> **Try it**: Go through the listing below and return every line exactly.

> **Records for this exercise**:
──────────

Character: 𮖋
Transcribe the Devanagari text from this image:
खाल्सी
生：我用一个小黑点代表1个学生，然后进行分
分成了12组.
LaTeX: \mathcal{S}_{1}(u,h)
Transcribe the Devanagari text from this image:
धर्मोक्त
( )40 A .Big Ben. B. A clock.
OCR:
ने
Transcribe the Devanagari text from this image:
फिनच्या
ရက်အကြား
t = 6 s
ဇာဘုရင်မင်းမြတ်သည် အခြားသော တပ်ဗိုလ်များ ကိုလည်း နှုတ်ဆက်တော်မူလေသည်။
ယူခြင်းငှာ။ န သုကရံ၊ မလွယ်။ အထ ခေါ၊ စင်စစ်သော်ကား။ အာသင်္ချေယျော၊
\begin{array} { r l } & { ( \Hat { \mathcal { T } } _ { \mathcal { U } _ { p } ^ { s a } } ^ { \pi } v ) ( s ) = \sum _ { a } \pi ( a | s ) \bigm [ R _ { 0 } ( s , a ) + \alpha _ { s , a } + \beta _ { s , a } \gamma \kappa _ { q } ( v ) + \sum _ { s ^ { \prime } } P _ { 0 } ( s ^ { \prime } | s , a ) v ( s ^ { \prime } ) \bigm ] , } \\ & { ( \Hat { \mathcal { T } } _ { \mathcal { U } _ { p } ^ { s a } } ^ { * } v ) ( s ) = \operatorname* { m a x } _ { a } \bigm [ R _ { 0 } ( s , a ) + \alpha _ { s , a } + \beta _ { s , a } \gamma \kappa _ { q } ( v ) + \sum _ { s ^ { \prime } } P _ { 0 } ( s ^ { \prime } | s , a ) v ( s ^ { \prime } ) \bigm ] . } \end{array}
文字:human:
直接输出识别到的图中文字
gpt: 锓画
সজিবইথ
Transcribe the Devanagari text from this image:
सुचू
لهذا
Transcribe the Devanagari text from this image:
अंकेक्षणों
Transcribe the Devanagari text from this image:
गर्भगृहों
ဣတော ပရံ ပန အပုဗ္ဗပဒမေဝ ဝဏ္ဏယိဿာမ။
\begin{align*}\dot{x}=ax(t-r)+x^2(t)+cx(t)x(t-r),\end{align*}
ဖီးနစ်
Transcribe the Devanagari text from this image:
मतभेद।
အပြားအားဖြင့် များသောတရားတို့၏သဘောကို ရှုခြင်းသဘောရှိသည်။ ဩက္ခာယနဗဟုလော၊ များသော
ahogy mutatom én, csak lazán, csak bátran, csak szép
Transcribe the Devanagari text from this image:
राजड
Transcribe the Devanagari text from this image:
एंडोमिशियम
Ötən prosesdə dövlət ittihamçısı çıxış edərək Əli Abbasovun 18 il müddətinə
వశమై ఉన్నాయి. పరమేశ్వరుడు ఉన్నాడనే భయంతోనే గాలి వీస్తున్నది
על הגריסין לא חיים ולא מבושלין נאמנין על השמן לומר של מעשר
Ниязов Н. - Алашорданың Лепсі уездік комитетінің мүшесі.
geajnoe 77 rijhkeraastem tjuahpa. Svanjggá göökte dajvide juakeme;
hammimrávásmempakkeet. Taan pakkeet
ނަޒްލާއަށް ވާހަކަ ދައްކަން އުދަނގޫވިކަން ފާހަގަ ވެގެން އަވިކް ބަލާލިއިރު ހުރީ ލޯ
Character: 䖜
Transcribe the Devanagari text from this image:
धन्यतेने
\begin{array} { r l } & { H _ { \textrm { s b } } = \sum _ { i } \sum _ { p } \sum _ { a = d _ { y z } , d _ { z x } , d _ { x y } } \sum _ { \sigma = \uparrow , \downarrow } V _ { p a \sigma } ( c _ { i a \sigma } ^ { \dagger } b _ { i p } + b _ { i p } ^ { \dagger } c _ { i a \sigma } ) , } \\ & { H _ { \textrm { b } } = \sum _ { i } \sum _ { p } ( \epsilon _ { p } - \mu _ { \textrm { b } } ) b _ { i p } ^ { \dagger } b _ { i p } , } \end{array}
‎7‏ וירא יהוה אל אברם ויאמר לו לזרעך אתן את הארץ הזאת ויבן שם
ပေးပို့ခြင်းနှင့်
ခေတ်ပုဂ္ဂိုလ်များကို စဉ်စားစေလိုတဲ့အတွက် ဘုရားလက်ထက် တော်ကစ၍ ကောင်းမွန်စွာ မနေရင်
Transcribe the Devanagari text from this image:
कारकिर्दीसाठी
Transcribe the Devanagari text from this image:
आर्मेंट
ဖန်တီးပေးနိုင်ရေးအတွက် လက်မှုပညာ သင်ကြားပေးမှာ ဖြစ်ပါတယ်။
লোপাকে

──────────

> **Output below**:
Character: 𮖋
Transcribe the Devanagari text from this image:
खाल्सी
生：我用一个小黑点代表1个学生，然后进行分
分成了12组.
LaTeX: \mathcal{S}_{1}(u,h)
Transcribe the Devanagari text from this image:
धर्मोक्त
( )40 A .Big Ben. B. A clock.
OCR:
ने
Transcribe the Devanagari text from this image:
फिनच्या
ရက်အကြား
t = 6 s
ဇာဘုရင်မင်းမြတ်သည် အခြားသော တပ်ဗိုလ်များ ကိုလည်း နှုတ်ဆက်တော်မူလေသည်။
ယူခြင်းငှာ။ န သုကရံ၊ မလွယ်။ အထ ခေါ၊ စင်စစ်သော်ကား။ အာသင်္ချေယျော၊
\begin{array} { r l } & { ( \Hat { \mathcal { T } } _ { \mathcal { U } _ { p } ^ { s a } } ^ { \pi } v ) ( s ) = \sum _ { a } \pi ( a | s ) \bigm [ R _ { 0 } ( s , a ) + \alpha _ { s , a } + \beta _ { s , a } \gamma \kappa _ { q } ( v ) + \sum _ { s ^ { \prime } } P _ { 0 } ( s ^ { \prime } | s , a ) v ( s ^ { \prime } ) \bigm ] , } \\ & { ( \Hat { \mathcal { T } } _ { \mathcal { U } _ { p } ^ { s a } } ^ { * } v ) ( s ) = \operatorname* { m a x } _ { a } \bigm [ R _ { 0 } ( s , a ) + \alpha _ { s , a } + \beta _ { s , a } \gamma \kappa _ { q } ( v ) + \sum _ { s ^ { \prime } } P _ { 0 } ( s ^ { \prime } | s , a ) v ( s ^ { \prime } ) \bigm ] . } \end{array}
文字:human:
直接输出识别到的图中文字
gpt: 锓画
সজিবইথ
Transcribe the Devanagari text from this image:
सुचू
لهذا
Transcribe the Devanagari text from this image:
अंकेक्षणों
Transcribe the Devanagari text from this image:
गर्भगृहों
ဣတော ပရံ ပန အပုဗ္ဗပဒမေဝ ဝဏ္ဏယိဿာမ။
\begin{align*}\dot{x}=ax(t-r)+x^2(t)+cx(t)x(t-r),\end{align*}
ဖီးနစ်
Transcribe the Devanagari text from this image:
मतभेद।
အပြားအားဖြင့် များသောတရားတို့၏သဘောကို ရှုခြင်းသဘောရှိသည်။ ဩက္ခာယနဗဟုလော၊ များသော
ahogy mutatom én, csak lazán, csak bátran, csak szép
Transcribe the Devanagari text from this image:
राजड
Transcribe the Devanagari text from this image:
एंडोमिशियम
Ötən prosesdə dövlət ittihamçısı çıxış edərək Əli Abbasovun 18 il müddətinə
వశమై ఉన్నాయి. పరమేశ్వరుడు ఉన్నాడనే భయంతోనే గాలి వీస్తున్నది
על הגריסין לא חיים ולא מבושלין נאמנין על השמן לומר של מעשר
Ниязов Н. - Алашорданың Лепсі уездік комитетінің мүшесі.
geajnoe 77 rijhkeraastem tjuahpa. Svanjggá göökte dajvide juakeme;
hammimrávásmempakkeet. Taan pakkeet
ނަޒްލާއަށް ވާހަކަ ދައްކަން އުދަނގޫވިކަން ފާހަގަ ވެގެން އަވިކް ބަލާލިއިރު ހުރީ ލޯ
Character: 䖜
Transcribe the Devanagari text from this image:
धन्यतेने
\begin{array} { r l } & { H _ { \textrm { s b } } = \sum _ { i } \sum _ { p } \sum _ { a = d _ { y z } , d _ { z x } , d _ { x y } } \sum _ { \sigma = \uparrow , \downarrow } V _ { p a \sigma } ( c _ { i a \sigma } ^ { \dagger } b _ { i p } + b _ { i p } ^ { \dagger } c _ { i a \sigma } ) , } \\ & { H _ { \textrm { b } } = \sum _ { i } \sum _ { p } ( \epsilon _ { p } - \mu _ { \textrm { b } } ) b _ { i p } ^ { \dagger } b _ { i p } , } \end{array}
‎7‏ וירא יהוה אל אברם ויאמר לו לזרעך אתן את הארץ הזאת ויבן שם
ပေးပို့ခြင်းနှင့်
ခေတ်ပုဂ္ဂိုလ်များကို စဉ်စားစေလိုတဲ့အတွက် ဘုရားလက်ထက် တော်ကစ၍ ကောင်းမွန်စွာ မနေရင်
Transcribe the Devanagari text from this image:
कारकिर्दीसाठी
Transcribe the Devanagari text from this image:
आर्मेंट
ဖန်တီးပေးနိုင်ရေးအတွက် လက်မှုပညာ သင်ကြားပေးမှာ ဖြစ်ပါတယ်။
লোপাকে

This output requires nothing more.